*** Opening INFORMATION GIVEN ***
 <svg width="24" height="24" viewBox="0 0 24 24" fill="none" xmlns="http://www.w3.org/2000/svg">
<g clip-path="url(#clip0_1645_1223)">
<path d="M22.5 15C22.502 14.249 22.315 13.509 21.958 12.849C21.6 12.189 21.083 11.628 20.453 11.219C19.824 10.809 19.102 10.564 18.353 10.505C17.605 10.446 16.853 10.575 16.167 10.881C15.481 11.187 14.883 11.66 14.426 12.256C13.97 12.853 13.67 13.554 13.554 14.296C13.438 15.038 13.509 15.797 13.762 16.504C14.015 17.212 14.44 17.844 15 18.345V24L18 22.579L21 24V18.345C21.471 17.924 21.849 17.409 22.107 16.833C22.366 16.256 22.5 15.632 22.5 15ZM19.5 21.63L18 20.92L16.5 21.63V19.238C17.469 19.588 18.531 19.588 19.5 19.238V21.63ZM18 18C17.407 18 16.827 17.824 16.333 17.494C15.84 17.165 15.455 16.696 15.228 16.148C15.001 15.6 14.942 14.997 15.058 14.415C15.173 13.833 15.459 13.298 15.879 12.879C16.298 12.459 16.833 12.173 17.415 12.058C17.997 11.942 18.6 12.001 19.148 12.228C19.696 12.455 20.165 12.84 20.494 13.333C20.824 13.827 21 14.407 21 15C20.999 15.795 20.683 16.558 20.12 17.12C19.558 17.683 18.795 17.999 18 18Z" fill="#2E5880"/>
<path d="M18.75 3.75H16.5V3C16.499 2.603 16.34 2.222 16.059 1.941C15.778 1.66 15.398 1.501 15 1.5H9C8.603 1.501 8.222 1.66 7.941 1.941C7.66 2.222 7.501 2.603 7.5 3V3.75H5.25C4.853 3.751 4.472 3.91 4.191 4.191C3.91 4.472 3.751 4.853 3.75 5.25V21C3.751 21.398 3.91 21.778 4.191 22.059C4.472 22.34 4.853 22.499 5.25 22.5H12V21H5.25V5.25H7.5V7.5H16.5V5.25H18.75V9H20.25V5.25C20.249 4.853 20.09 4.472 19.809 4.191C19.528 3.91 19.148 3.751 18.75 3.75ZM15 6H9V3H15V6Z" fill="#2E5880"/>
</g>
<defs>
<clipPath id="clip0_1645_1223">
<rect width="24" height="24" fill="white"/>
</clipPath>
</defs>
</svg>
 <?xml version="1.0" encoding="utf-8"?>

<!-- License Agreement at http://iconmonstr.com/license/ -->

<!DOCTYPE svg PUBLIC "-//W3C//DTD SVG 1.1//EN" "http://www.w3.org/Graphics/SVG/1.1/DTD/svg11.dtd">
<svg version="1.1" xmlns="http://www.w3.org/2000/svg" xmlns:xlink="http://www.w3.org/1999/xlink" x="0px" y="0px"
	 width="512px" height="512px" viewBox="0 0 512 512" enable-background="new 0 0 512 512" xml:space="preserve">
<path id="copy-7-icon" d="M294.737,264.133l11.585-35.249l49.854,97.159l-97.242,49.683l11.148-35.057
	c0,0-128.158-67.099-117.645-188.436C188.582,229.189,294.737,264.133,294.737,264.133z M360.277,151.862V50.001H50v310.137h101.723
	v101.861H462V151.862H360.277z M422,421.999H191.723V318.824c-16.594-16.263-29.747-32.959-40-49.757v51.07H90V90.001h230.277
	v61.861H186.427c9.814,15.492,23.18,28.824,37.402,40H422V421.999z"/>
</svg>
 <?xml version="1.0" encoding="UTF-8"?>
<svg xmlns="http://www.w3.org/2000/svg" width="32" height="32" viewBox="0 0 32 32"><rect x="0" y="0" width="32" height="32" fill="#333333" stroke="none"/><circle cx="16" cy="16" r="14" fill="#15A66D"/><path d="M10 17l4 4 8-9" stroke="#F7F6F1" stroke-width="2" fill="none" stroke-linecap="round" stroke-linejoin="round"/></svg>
*** Closing INFORMATION GIVEN ***
* TASK OBJECTIVE *
Would you copy out all of the entries exactly?

* ANSWER FOR THE TASK *
 <svg width="24" height="24" viewBox="0 0 24 24" fill="none" xmlns="http://www.w3.org/2000/svg">
<g clip-path="url(#clip0_1645_1223)">
<path d="M22.5 15C22.502 14.249 22.315 13.509 21.958 12.849C21.6 12.189 21.083 11.628 20.453 11.219C19.824 10.809 19.102 10.564 18.353 10.505C17.605 10.446 16.853 10.575 16.167 10.881C15.481 11.187 14.883 11.66 14.426 12.256C13.97 12.853 13.67 13.554 13.554 14.296C13.438 15.038 13.509 15.797 13.762 16.504C14.015 17.212 14.44 17.844 15 18.345V24L18 22.579L21 24V18.345C21.471 17.924 21.849 17.409 22.107 16.833C22.366 16.256 22.5 15.632 22.5 15ZM19.5 21.63L18 20.92L16.5 21.63V19.238C17.469 19.588 18.531 19.588 19.5 19.238V21.63ZM18 18C17.407 18 16.827 17.824 16.333 17.494C15.84 17.165 15.455 16.696 15.228 16.148C15.001 15.6 14.942 14.997 15.058 14.415C15.173 13.833 15.459 13.298 15.879 12.879C16.298 12.459 16.833 12.173 17.415 12.058C17.997 11.942 18.6 12.001 19.148 12.228C19.696 12.455 20.165 12.84 20.494 13.333C20.824 13.827 21 14.407 21 15C20.999 15.795 20.683 16.558 20.12 17.12C19.558 17.683 18.795 17.999 18 18Z" fill="#2E5880"/>
<path d="M18.75 3.75H16.5V3C16.499 2.603 16.34 2.222 16.059 1.941C15.778 1.66 15.398 1.501 15 1.5H9C8.603 1.501 8.222 1.66 7.941 1.941C7.66 2.222 7.501 2.603 7.5 3V3.75H5.25C4.853 3.751 4.472 3.91 4.191 4.191C3.91 4.472 3.751 4.853 3.75 5.25V21C3.751 21.398 3.91 21.778 4.191 22.059C4.472 22.34 4.853 22.499 5.25 22.5H12V21H5.25V5.25H7.5V7.5H16.5V5.25H18.75V9H20.25V5.25C20.249 4.853 20.09 4.472 19.809 4.191C19.528 3.91 19.148 3.751 18.75 3.75ZM15 6H9V3H15V6Z" fill="#2E5880"/>
</g>
<defs>
<clipPath id="clip0_1645_1223">
<rect width="24" height="24" fill="white"/>
</clipPath>
</defs>
</svg>
 <?xml version="1.0" encoding="utf-8"?>

<!-- License Agreement at http://iconmonstr.com/license/ -->

<!DOCTYPE svg PUBLIC "-//W3C//DTD SVG 1.1//EN" "http://www.w3.org/Graphics/SVG/1.1/DTD/svg11.dtd">
<svg version="1.1" xmlns="http://www.w3.org/2000/svg" xmlns:xlink="http://www.w3.org/1999/xlink" x="0px" y="0px"
	 width="512px" height="512px" viewBox="0 0 512 512" enable-background="new 0 0 512 512" xml:space="preserve">
<path id="copy-7-icon" d="M294.737,264.133l11.585-35.249l49.854,97.159l-97.242,49.683l11.148-35.057
	c0,0-128.158-67.099-117.645-188.436C188.582,229.189,294.737,264.133,294.737,264.133z M360.277,151.862V50.001H50v310.137h101.723
	v101.861H462V151.862H360.277z M422,421.999H191.723V318.824c-16.594-16.263-29.747-32.959-40-49.757v51.07H90V90.001h230.277
	v61.861H186.427c9.814,15.492,23.18,28.824,37.402,40H422V421.999z"/>
</svg>
 <?xml version="1.0" encoding="UTF-8"?>
<svg xmlns="http://www.w3.org/2000/svg" width="32" height="32" viewBox="0 0 32 32"><rect x="0" y="0" width="32" height="32" fill="#333333" stroke="none"/><circle cx="16" cy="16" r="14" fill="#15A66D"/><path d="M10 17l4 4 8-9" stroke="#F7F6F1" stroke-width="2" fill="none" stroke-linecap="round" stroke-linejoin="round"/></svg>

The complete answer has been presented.